Она ждала, а мне было любопытно, кто это сказал: слуга или вторая часть моего существа.
— Точнее, вообще не работал.
Она знала, что меня это огорчает. Я говорил ей, как много значит работа в моей жизни. Я писал отчет о своих научных изысканиях в области распада радиоуглерода.
— Это было тягостно, — сказал я. — И почему-то, когда я не занят работой, своей физикой, мне чаще снится жена. Ужасные сны.
Ее молчание явно намекало на то, что она сомневается, так ли это, и требует подтверждения.
— Я в доме, где собралось множество народу. Знаю, что моя жена тоже тут, где-то внизу. Я пью, развлекаюсь и вдруг понимаю, что должен отыскать жену. А вокруг настоящее столпотворение. В конце концов я все же нахожу ее, и она кричит на меня и убегает.

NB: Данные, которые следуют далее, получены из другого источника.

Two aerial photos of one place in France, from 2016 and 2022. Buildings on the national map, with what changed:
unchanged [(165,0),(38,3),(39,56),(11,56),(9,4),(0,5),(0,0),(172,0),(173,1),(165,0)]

— Это что-нибудь говорит вам о ваших чувствах?
— Да, конечно, я чувствую себя виноватым. Но об этом-то я знал и раньше.
Доктор Милкреест засмеялась. Это мне и было нужно — дружелюбное несогласие. Кто-нибудь должен был объяснить мне, что я ошибаюсь. Но доктор Милкреест не станет облегчать мне задачу, не растолкует, почему я не прав.
— Сны — это еще ничего, — продолжал я. — Явь куда тяжелее. В том смысле, что иногда я ее вижу. Это уже полный кошмар.
— Побеседуем подробнее?
— На скоростную дорогу я выезжаю через китайский квартал. Возле университета Тафта, там, где стоматология, на Нилэнд-стрит, всегда расхаживает взад-вперед бездомная женщина лет пятидесяти, очень возбужденная. Она в отрепьях, но лицо умное и выглядит она как человек, получивший хорошее воспитание, но пропащий. Когда-то эта женщина была красива и счастлива; может, нервы чуть пошаливали. Думаю, она была замужем, но муж ее бросил. Она лишилась рассудка, исчезла, и ни одна душа не знает, что она бродяжничает.

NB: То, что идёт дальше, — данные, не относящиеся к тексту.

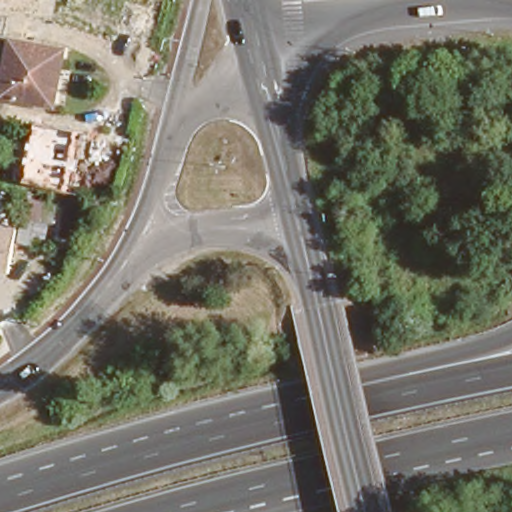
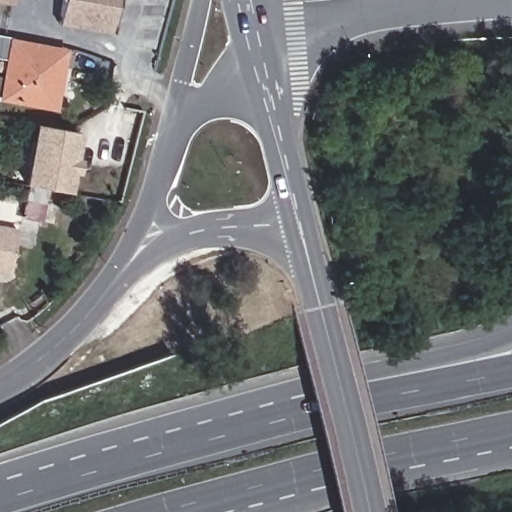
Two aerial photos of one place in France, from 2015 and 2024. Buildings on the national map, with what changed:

— Как вы полагаете, на кого был похож ее муж?
— На меня.
— И она несчастна?
— Она шизофреничка.
— Почему вы употребляете именно это слово?
— Но разве оно не означает раздвоение личности?
— Оно ничего не означает.
— Послушайте, да ведь эту женщину довели до безумия, — произнес я вызывающе. Слово «безумие» взорвалось в воздухе между нами, точно какая-нибудь непристойность. — Она выглядит потерянной и грустной. Кто-то вроде меня ее покинул.

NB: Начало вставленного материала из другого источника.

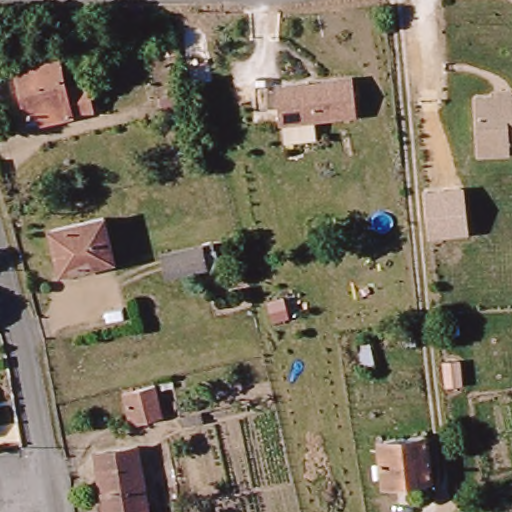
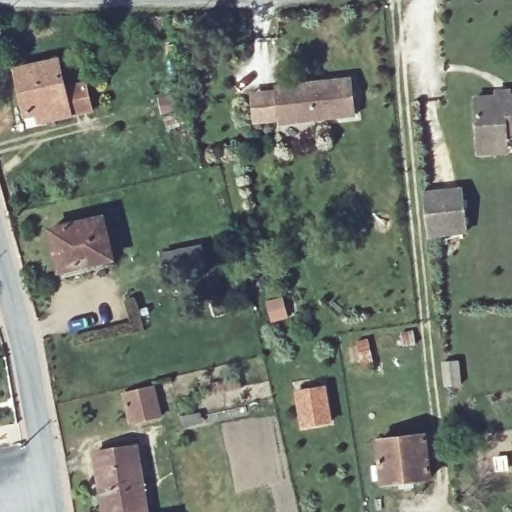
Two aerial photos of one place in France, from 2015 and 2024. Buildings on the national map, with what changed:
unchanged [(58,81),(80,76),(85,100),(23,113),(14,70),(54,61),(58,81)]
unchanged [(273,84),(352,75),(356,114),(277,124),(273,84)]
unchanged [(474,141),(473,141),(471,100),(512,97),(512,139),(503,139),(503,155),(474,156),(474,141)]
unchanged [(423,191),(465,186),(469,234),(429,240),(423,191)]
unchanged [(62,269),(53,225),(101,216),(110,260),(62,269)]
unchanged [(196,242),(201,270),(162,277),(156,250),(196,242)]
unchanged [(238,377),(241,392),(212,395),(207,382),(238,377)]
new [(326,387),(333,422),(305,428),(298,392),(326,387)]
unchanged [(157,412),(125,417),(121,393),(153,388),(157,412)]
unchanged [(384,485),(379,446),(422,440),(427,478),(384,485)]
unchanged [(133,444),(145,512),(101,512),(91,452),(133,444)]

— Значит, дело не в сходстве с Алисон, а в вашем сходстве с ее мужем?
— В общем, да.
Доктор Милкреест кивнула, выжидающе на меня глядя.
— Алисон была не моей женой, а моей жизнью!
Тут я начал плакать.
Доктор Милкреест дала мне возможность овладеть собой. Мне хотелось, чтоб она взяла меня за руку, или обняла, или погладила по голове. Но она сидела молча, пока я не прекратил шмыгать носом.
— У вас есть собственная жизнь, — сказала она. — И у нее тоже. Она не бродяжка. Она живет в Лондоне, работает. Вы сами мне говорили.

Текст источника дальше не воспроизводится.